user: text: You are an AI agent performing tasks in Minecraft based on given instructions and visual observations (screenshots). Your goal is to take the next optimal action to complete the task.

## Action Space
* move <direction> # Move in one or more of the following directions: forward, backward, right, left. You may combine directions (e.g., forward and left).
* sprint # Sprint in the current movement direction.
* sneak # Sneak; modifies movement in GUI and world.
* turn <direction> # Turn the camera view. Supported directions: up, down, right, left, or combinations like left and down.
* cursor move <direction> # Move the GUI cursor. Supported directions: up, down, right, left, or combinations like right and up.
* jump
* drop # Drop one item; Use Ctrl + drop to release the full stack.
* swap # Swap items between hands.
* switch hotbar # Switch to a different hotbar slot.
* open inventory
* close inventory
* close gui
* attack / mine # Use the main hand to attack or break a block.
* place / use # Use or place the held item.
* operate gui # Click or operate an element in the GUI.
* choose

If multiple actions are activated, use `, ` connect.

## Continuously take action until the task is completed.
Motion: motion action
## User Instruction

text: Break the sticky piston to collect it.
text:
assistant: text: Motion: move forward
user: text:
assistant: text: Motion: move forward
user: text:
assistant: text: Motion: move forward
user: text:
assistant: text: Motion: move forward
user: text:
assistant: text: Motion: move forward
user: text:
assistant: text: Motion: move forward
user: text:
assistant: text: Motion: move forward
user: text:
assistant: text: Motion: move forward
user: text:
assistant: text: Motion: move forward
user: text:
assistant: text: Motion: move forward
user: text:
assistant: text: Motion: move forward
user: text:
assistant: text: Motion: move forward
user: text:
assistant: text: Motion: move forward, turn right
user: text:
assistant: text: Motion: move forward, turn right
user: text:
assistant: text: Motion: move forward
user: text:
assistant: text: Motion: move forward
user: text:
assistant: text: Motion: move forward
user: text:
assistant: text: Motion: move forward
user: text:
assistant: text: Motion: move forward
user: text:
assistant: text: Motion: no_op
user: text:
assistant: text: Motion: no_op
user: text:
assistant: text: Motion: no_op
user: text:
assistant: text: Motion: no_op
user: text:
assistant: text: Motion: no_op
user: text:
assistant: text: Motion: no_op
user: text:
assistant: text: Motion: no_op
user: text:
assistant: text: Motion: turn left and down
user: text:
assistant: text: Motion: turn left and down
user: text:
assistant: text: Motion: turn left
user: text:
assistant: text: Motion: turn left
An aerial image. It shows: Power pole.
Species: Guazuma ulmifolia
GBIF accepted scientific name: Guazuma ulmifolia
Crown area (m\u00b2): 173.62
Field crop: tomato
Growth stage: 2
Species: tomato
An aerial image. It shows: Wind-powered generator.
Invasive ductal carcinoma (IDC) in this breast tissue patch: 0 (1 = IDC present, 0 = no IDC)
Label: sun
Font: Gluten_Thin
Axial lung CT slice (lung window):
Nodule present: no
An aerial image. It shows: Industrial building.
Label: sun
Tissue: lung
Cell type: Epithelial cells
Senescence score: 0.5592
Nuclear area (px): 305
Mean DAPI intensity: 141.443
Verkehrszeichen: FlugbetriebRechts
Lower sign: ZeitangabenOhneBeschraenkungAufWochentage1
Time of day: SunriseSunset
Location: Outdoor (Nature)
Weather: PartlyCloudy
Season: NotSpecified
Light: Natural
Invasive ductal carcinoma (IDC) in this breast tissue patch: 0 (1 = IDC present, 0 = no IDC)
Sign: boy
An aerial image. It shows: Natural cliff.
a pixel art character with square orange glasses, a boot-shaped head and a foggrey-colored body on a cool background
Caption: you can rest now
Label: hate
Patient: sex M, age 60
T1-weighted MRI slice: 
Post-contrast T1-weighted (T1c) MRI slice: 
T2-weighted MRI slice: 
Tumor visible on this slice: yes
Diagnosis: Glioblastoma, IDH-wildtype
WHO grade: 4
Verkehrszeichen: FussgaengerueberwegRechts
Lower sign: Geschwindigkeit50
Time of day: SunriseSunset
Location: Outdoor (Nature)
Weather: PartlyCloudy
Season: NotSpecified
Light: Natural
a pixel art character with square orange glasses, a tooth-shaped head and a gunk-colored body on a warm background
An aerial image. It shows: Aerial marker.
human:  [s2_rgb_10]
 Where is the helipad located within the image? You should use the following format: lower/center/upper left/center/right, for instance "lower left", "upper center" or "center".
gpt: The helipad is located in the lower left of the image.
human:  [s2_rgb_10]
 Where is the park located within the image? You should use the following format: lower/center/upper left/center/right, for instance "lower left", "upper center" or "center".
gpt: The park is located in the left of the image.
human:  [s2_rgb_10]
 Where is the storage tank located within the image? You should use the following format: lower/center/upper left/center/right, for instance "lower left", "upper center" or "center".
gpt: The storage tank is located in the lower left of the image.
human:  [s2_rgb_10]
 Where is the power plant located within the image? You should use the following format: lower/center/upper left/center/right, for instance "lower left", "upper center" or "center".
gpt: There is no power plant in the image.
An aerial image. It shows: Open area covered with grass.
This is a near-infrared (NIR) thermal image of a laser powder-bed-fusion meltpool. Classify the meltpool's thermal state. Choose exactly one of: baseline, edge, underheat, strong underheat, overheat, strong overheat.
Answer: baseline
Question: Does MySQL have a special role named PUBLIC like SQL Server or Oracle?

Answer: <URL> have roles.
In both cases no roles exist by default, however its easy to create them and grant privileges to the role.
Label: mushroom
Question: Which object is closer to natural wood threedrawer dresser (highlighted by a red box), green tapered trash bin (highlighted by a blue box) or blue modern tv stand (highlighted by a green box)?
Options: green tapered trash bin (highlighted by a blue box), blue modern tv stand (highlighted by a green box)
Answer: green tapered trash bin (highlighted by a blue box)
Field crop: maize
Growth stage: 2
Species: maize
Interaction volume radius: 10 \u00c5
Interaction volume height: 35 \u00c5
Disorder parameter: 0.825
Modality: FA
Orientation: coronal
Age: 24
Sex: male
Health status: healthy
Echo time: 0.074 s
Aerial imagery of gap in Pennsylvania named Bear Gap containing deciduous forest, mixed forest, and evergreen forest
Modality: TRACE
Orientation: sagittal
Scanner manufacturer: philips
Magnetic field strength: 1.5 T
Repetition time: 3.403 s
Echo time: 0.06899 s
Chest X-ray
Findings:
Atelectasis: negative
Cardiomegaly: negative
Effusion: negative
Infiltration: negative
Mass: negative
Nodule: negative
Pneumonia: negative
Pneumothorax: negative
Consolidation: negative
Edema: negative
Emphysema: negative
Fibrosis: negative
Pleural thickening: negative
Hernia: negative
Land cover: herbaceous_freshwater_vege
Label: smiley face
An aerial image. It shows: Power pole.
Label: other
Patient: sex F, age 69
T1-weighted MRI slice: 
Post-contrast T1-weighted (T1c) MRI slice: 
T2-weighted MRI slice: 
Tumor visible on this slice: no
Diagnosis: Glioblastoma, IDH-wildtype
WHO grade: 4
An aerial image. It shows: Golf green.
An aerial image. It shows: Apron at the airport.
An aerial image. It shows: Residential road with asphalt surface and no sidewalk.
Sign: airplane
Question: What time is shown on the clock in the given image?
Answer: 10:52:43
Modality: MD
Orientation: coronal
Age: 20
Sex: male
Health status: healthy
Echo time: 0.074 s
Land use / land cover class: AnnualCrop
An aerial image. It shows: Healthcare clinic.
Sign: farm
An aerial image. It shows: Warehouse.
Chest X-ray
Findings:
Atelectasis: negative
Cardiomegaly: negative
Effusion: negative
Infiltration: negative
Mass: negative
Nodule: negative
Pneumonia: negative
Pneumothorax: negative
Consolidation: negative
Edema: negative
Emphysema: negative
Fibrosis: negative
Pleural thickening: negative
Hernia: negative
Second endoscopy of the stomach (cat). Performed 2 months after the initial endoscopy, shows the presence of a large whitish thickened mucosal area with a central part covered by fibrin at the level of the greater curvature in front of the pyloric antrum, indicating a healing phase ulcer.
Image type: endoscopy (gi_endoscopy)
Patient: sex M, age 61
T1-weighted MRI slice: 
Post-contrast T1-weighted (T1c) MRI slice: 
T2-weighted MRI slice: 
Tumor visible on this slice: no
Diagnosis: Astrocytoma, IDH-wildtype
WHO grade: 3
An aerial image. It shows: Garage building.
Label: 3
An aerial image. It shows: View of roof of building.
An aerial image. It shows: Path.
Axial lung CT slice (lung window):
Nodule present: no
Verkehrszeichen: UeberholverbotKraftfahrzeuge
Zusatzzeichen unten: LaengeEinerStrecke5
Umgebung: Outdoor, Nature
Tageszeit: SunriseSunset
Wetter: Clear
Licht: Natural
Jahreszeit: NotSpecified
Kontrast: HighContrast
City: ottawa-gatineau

______

WORK INSTRUCTION: Where the listing above has a line with "Lower sign: ZeitangabenOhneBeschraenkungAufWochentage1", start there, and output every line exactly through the line with "An aerial image. It shows: Open", which is also included.

SOLUTION:
Lower sign: ZeitangabenOhneBeschraenkungAufWochentage1
Time of day: SunriseSunset
Location: Outdoor (Nature)
Weather: PartlyCloudy
Season: NotSpecified
Light: Natural
Invasive ductal carcinoma (IDC) in this breast tissue patch: 0 (1 = IDC present, 0 = no IDC)
Sign: boy
An aerial image. It shows: Natural cliff.
a pixel art character with square orange glasses, a boot-shaped head and a foggrey-colored body on a cool background
Caption: you can rest now
Label: hate
Patient: sex M, age 60
T1-weighted MRI slice: 
Post-contrast T1-weighted (T1c) MRI slice: 
T2-weighted MRI slice: 
Tumor visible on this slice: yes
Diagnosis: Glioblastoma, IDH-wildtype
WHO grade: 4
Verkehrszeichen: FussgaengerueberwegRechts
Lower sign: Geschwindigkeit50
Time of day: SunriseSunset
Location: Outdoor (Nature)
Weather: PartlyCloudy
Season: NotSpecified
Light: Natural
a pixel art character with square orange glasses, a tooth-shaped head and a gunk-colored body on a warm background
An aerial image. It shows: Aerial marker.
human:  [s2_rgb_10]
 Where is the helipad located within the image? You should use the following format: lower/center/upper left/center/right, for instance "lower left", "upper center" or "center".
gpt: The helipad is located in the lower left of the image.
human:  [s2_rgb_10]
 Where is the park located within the image? You should use the following format: lower/center/upper left/center/right, for instance "lower left", "upper center" or "center".
gpt: The park is located in the left of the image.
human:  [s2_rgb_10]
 Where is the storage tank located within the image? You should use the following format: lower/center/upper left/center/right, for instance "lower left", "upper center" or "center".
gpt: The storage tank is located in the lower left of the image.
human:  [s2_rgb_10]
 Where is the power plant located within the image? You should use the following format: lower/center/upper left/center/right, for instance "lower left", "upper center" or "center".
gpt: There is no power plant in the image.
An aerial image. It shows: Open area covered with grass.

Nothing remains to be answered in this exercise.